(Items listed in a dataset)

-*-*-

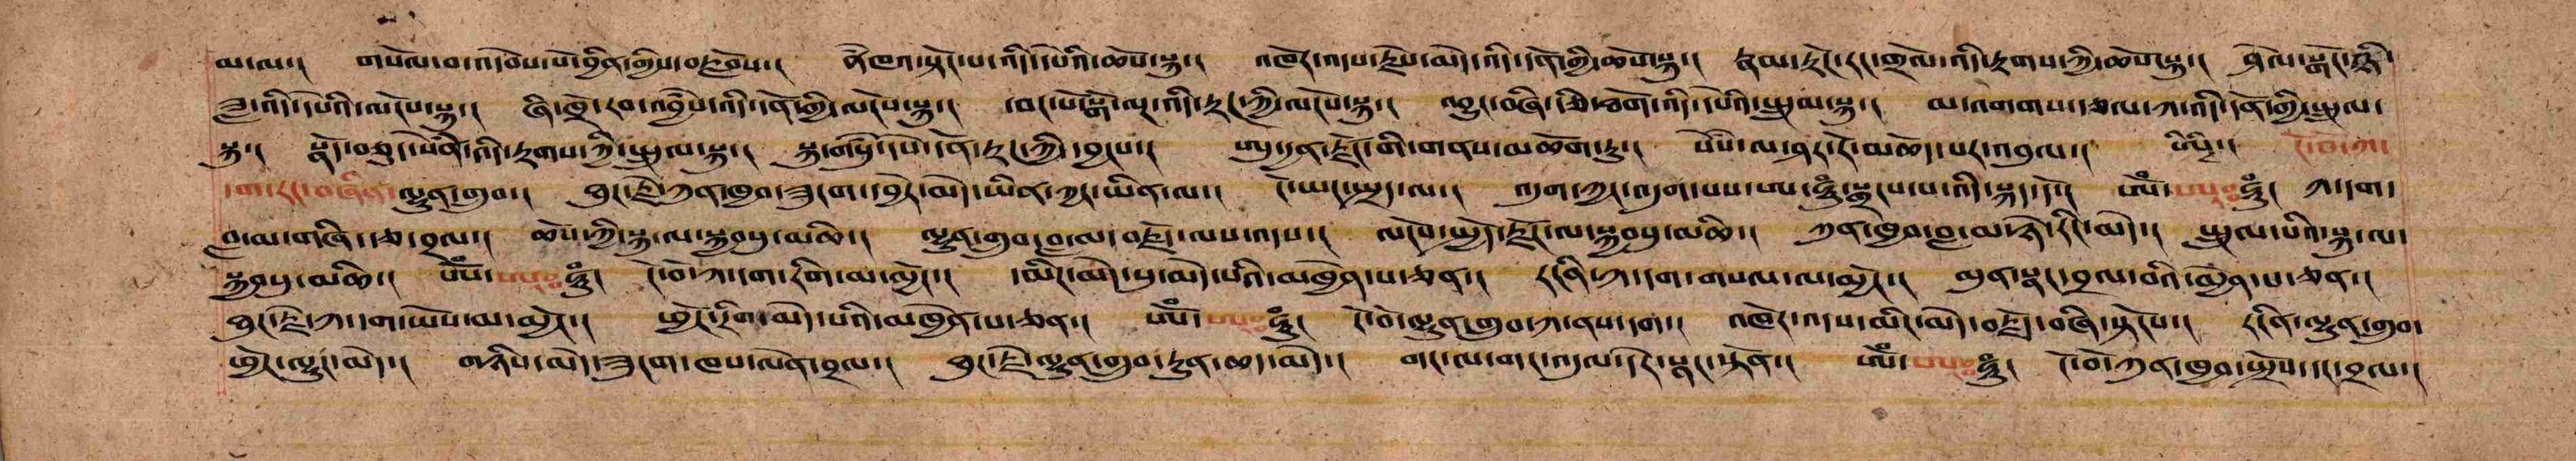མ་ལ། གསོལ་བ་འདེབས་སོ་བྱིན་གྱིས་བརློབས། ནམ་མཁའ་སྟོང་པ་འདི་དཔེའི་ཆོས་སྐུ། འཁོར་འདས་རྗེས་མེད་འདི་དོན་ཀྱི་ཆོས་སྐུ། རྣམ་རྟོགས་རང་གྲོལ་འདི་རྟགས་ཀྱི་ཆོས་སྐུ། ཤེལ་སྒོང་ཉི་
ཟླ་འདི་དཔེའི་ལོངས་སྐུ། ཞི་ཁྲོ་རབ་འབྱམས་འདི་དོན་གྱི་ལོངས་སྐུ། དབང་པོ་སྒོ་ལྔ་འདི་རྟགས་ཀྱི་ལོངས་སྐུ། འབྱུང་བཞི་རྩི་ཐོག་འདི་དཔེའི་སྤྲུལ་སྐུ། མ་འགགས་རྩལ་ཀ་འདི་དོན་གྱི་སྤྲུལ་
སྐུ། སྣོད་བཅུད་སེམས་ཅན་འདི་རྟགས་ཀྱི་སྤྲུལ་སྐུ། སྐུ་གསུམ་དཔེ་དོན་རྟགས་ཀྱི་དབྱངས། ཨུ་རྒྱན་རྫོང་གི་གནས་མཆོག་ཏུ། སེམས་ལ་ཤར་རོ་མཆོད་པར་འབུལ། ཨིཊི། ངོ་བོ་ཀ་
དག་རང་བཞིན་ལྷུན་གྲུབ། ཐུགས་རྗེ་ཀུན་ཁྱབ་ཟུང་འཇུག་དབྱེར་མེད་ཡིན་ཀྱང་ཡིན་ལ། ངོ་ཡང་སྤྲད་ལ། འདུག་ཀྱང་འདུག་པས་ཨ་ཞུམ་སྒྲངས་པ་འདི་སྐད་དོ། ཨོཾ་ཨཿཧཱུཾ། ཀ་དག་
བླ་མ་གཞི་རྩ་བྲལ། ཆོས་ཀྱི་སྐུ་ལ་སྐྱབས་སུ་མཆི། ལྷུན་གྲུབ་བླ་མ་བརྗོད་ལས་འདས། ལོངས་སྤྱོད་རྫོགས་ལ་སྐྱབས་སུ་མཆི། ཀུན་མཁྱེན་བླ་མ་ཉེ་རིང་མེད། སྤྲུལ་པའི་སྐུ་ལ་
སྐྱབས་སུ་མཆི། ཨོཾ་ཨཿཧཱུཾ། ངོ་བ་ཀ་དག་རིག་མ་མྱོང་། དམིགས་མེད་སུ་མེད་པའི་མཁྱེན་པ་ཅན། རང་བཞིན་ཀ་དག་གསལ་ལ་མྱོང་། མུན་སྣང་བྲལ་བའི་མྱེན་པ་ཅན། 
ཐུགས་རྗེ་ཀ་དག་ཡོས་མ་མྱོང་། ཕྱོགས་རིས་མེད་པའི་མཁྱེན་པ་ཅན། ཨོཾ་ཨཿཧཱུཾ། ངོ་བོ་ལྷུན་གྲུབ་ཀ་ནས་དག། འཁོར་འདས་མིང་མེད་བརྗོད་བཞི་སྟོངས། རང་བཞིན་ལྷུན་གྲུབ་
ཕྱོགས་ལྷུང་མེད། གཉིས་མེད་ཟུང་འཇུག་ཁས་ལེན་བྲལ། ཐུགས་རྗེ་ལྷུན་གྲུབ་རྒྱུན་ཆད་མེད། གང་ལ་གང་འདུལ་དེར་སྣང་སྟོན། ཨོཾ་ཨཿཧཱུཾ། ངོ་བོ་ཀུན་ཁྱབ་སྤྲོས་དང་བྲལ།

-*-*-

■ Assigned task ■
Beginning with the line that contains "སྐྱབས་སུ་མཆི། ཨོཾ་ཨཿཧཱུཾ། ངོ་བ་ཀ་དག་རིག་མ་མྱོང་།", each line of the records above through the last one must be printed word for word.

■ Answer ■
སྐྱབས་སུ་མཆི། ཨོཾ་ཨཿཧཱུཾ། ངོ་བ་ཀ་དག་རིག་མ་མྱོང་། དམིགས་མེད་སུ་མེད་པའི་མཁྱེན་པ་ཅན། རང་བཞིན་ཀ་དག་གསལ་ལ་མྱོང་། མུན་སྣང་བྲལ་བའི་མྱེན་པ་ཅན། 
ཐུགས་རྗེ་ཀ་དག་ཡོས་མ་མྱོང་། ཕྱོགས་རིས་མེད་པའི་མཁྱེན་པ་ཅན། ཨོཾ་ཨཿཧཱུཾ། ངོ་བོ་ལྷུན་གྲུབ་ཀ་ནས་དག། འཁོར་འདས་མིང་མེད་བརྗོད་བཞི་སྟོངས། རང་བཞིན་ལྷུན་གྲུབ་
ཕྱོགས་ལྷུང་མེད། གཉིས་མེད་ཟུང་འཇུག་ཁས་ལེན་བྲལ། ཐུགས་རྗེ་ལྷུན་གྲུབ་རྒྱུན་ཆད་མེད། གང་ལ་གང་འདུལ་དེར་སྣང་སྟོན། ཨོཾ་ཨཿཧཱུཾ། ངོ་བོ་ཀུན་ཁྱབ་སྤྲོས་དང་བྲལ།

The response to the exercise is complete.